Davacı bu davasında, davalı şirket ile aralarında düzenlenen devre mülk satışına ilişkin, haricen düzenlenen protokol başlıklı belgeye dayanarak, sözleşmenin ifa imkanı kalmadığı gerekçesi ile tazminat isteminde bulunmuştur. Dosya içerisinde bulunan tüm belge ve delillerin birlikte değerlendirilmesinden, zamanın Belediye Başkanı A. G. ile davalı şirketin kurucusu ve yetkilisi bulunan M. A.’in el ve işbirliği içerisinde oldukları, Belediye başkanının görevini suiistimal ederek ve yetkisini aşarak şirket lehine belediye aleyhine bir takım işlemler yapıp, davranışlarda bulunduğu, bu cümleden olarak usulsüz ihale yaptığı, yapı ruhsatı verdiği, şirketin yaptığı işlerin, verdiği taahhütlerin belediye güvencesinde olduğunu belirtmiş ise de, usulsüzlükler nedeniyle yapılan taşınmaz ihalesinin fesih edildiği gibi, şirkete devredilen tapunun da iptaline karar verildiği anlaşıldığından davalı belediye, zamanın belediye başkanın haksız fiil niteliğini taşıyan ve ceza kanununa göre suç olan bu davranışları ile, yine onun eylem ortağı olan davalı şirketin yaptığı işlemlerden dolayı sorumlu olamayacağının kabulü gerekir. Bu nedenle, bu sözleşmenin de davalı Belediyeyi bağladığından söz edilemez. Dairemizin dosyaya örnekleri sunulan bozma ilamlarının ait olduğu dosyalarda her ne kadar davalı belediyenin sorumlu olduğu belirtilmiş ise de, o dosyalarda Alanya Ağır Ceza Mahkemesine ait kesinleşmiş kararı ve G... Asliye Hukuk Mahkemesinin kesinleşmiş kararları bulunmadığından; her dosya kendi şartlarına göre değerlendirileceğinden farklı sonuca varılmıştır.

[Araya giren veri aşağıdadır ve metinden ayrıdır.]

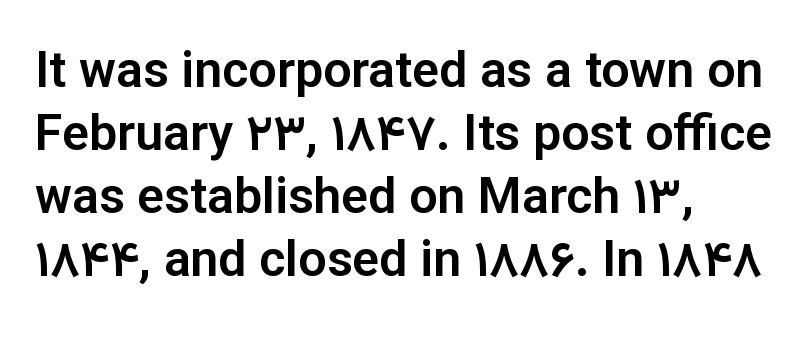
Q: Is the text italic (slanted)? A: No, it is upright.
Q: Is the typeface a serif or a sans-serif typeface? A: Sans-serif.
Q: Is the text underlined? A: No.
Q: How is the paragraph aligned? A: Left-aligned.
Q: Is the spacing between letters normal or unusually wide? A: Normal.
Q: Is the spacing between lines tight, normal or loose? A: Normal.
Q: Width (condensed, normal, or wide)? A: Normal.
Q: Stroke contrast? A: Low.
Q: x-height? A: Medium.
Q: Monospaced? A: No.
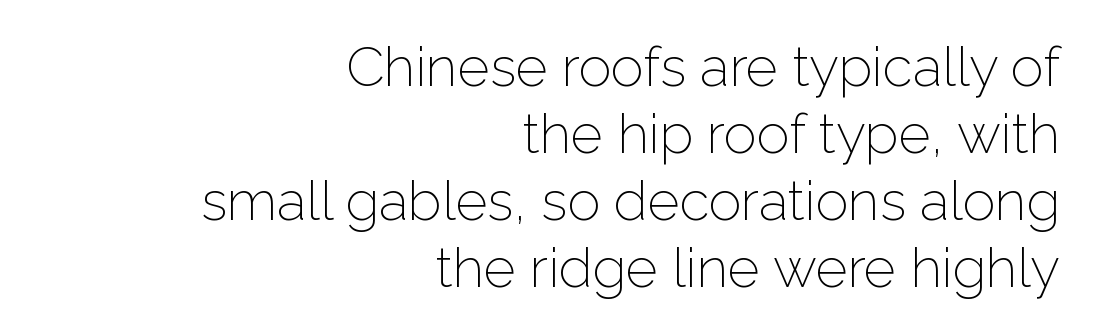
Each letter keeps its own natural width here, so spacing adapts to shape. The strokes are not fattened; the text isn't bold. The tracking reads as untouched default to a designer's eye. Beneath every word, the page is bare. You can tell it's not italic because the verticals are truly vertical.
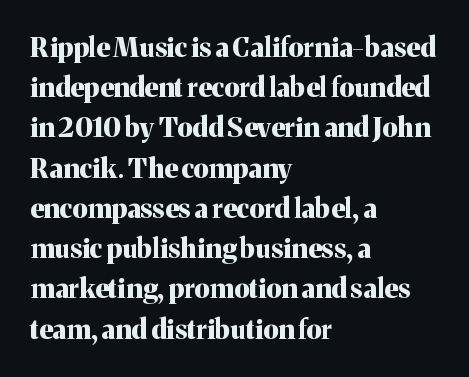
{"italic": "no", "bold": "yes", "underline": "no", "align": "left", "line_spacing": "normal", "line_spacing_ratio": 1.49, "letter_spacing": "normal", "letter_spacing_em": 0.0, "glyph_px": 27}

Bu nedenlerle ve sonuç itibari ile dava dışı zamanın Belediye Başkanı A. G.’in ve onun işbirlikçisi diğer davalı şirketin haksız fiil niteliğindeki şahsi eylem ve işlemlerinden davalı Belediye’nin sorumlu tutulması mümkün olmadığından davalı Belediye hakkındaki davanın reddine karar verilmesi gerekirken, aksi düşüncelerle yazılı şekilde karar verilmesi, usul ve yasaya aykırı olup bozmayı gerektirir... ),

Gerekçesiyle bozularak, dosya yerine geri çevrilmekle, yeniden yapılan yargılama sonunda; mahkemece önceki kararda direnilmiştir.

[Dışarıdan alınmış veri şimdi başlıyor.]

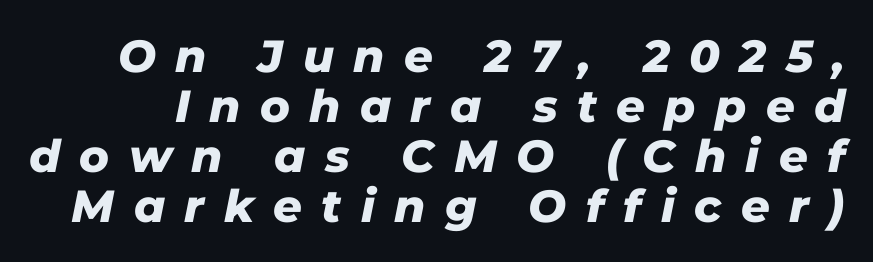
A typesetter would call this leading minimal, almost set solid. Is this a fixed-width face? No — the glyphs have proportional, varying widths. Letters rest on an invisible, unmarked baseline. The font is running at its bold setting.
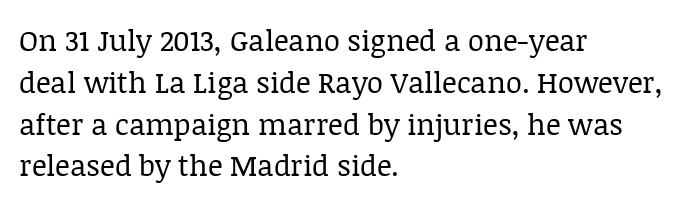
The image shows 29 px regular-weight serif type, upright; set left-aligned, normal line spacing (1.44x), normal letter spacing, not underlined; low stroke contrast and a large x-height.
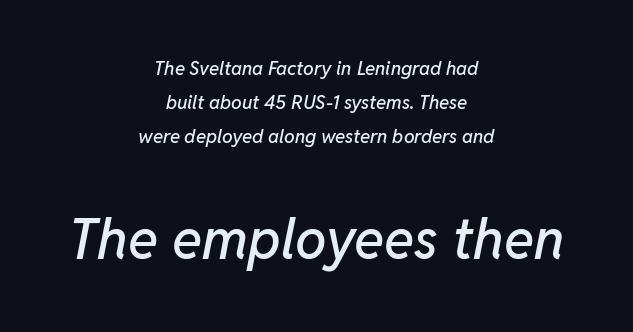
The image shows 56 px text type, italic (leaning right); set centered, line spacing 1.8x, normal letter spacing, not underlined; the second (bottom) block is 2.95x larger; low stroke contrast and a medium x-height.
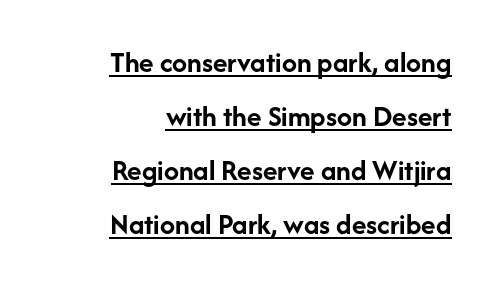
The image shows 30 px semibold sans-serif type, upright; set right-aligned, line spacing 1.8x, normal letter spacing, underlined; low stroke contrast and a medium x-height.
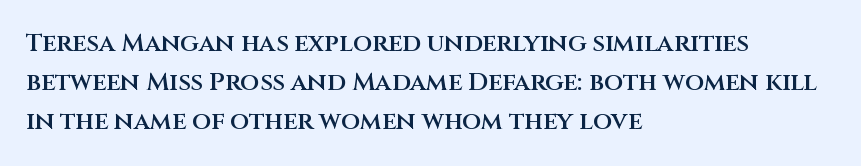
{"italic": "no", "bold": "semi", "underline": "no", "align": "left", "line_spacing": "normal", "line_spacing_ratio": 1.57, "letter_spacing": "normal", "letter_spacing_em": 0.0, "glyph_px": 25}
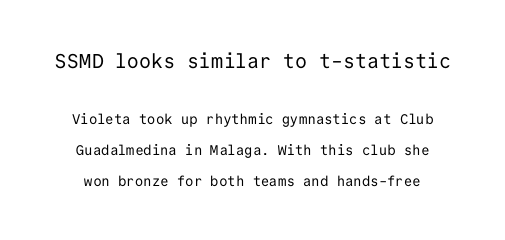
Is this a heavy cut? Hardly; it is regular or lighter. Quick note: not italic, upright. Large over small — that's the arrangement of the two blocks here. One glance says open: line gaps are wider than usual. The baseline area is clear.
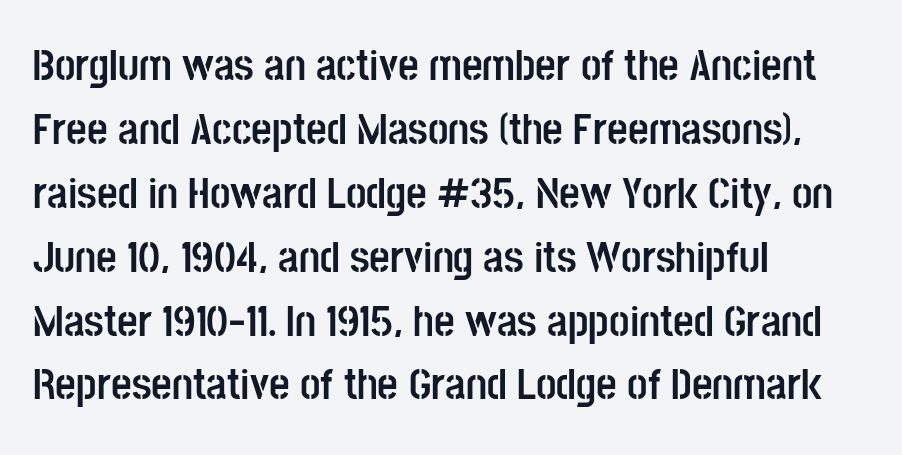
The image shows 45 px semibold, condensed sans-serif type, upright; set left-aligned, normal line spacing (1.42x), normal letter spacing, not underlined; low stroke contrast and a large x-height.

Hukuk Genel Kurulu’nca incelenerek direnme kararının süresinde temyiz edildiği anlaşıldıktan ve dosyadaki kağıtlar okunduktan sonra gereği görüşüldü:

KARAR : Dava, davacı ile davalılardan G... Turizm İnşaat Ticaret Limited Şirketi arasında devre mülk satışına ilişkin olarak haricen düzenlenmiş bulunan “Protokol” başlıklı belgeye dayanılarak, sözleşmenin ifa imkanı kalmadığı gerekçesine dayalı tazminat istemine ilişkindir.

Mahkemece, davalılar G... Belediye Başkanlığı ile G... Turizm İnşaat Ticaret Limited Şirketi aleyhine açılmış bulunan eldeki davanın, her iki davalı yönünden kısmen kabulü ile sözleşmenin feshine, satış bedeli olarak ödenen 7835 DM karşılığı 4000 Euro ve cezai şart olarak 7835 DM karşılığı 4000 Euro toplamı 8000 Euro’nun faiziyle birlikte davalılardan tahsiline dair verilen ilk karar, davacı vekili ile davalılardan G. Belediye Başkanlığı vekilinin temyizi üzerine Özel Daire’ce yukarıda yazılı gerekçeyle bozulmuştur.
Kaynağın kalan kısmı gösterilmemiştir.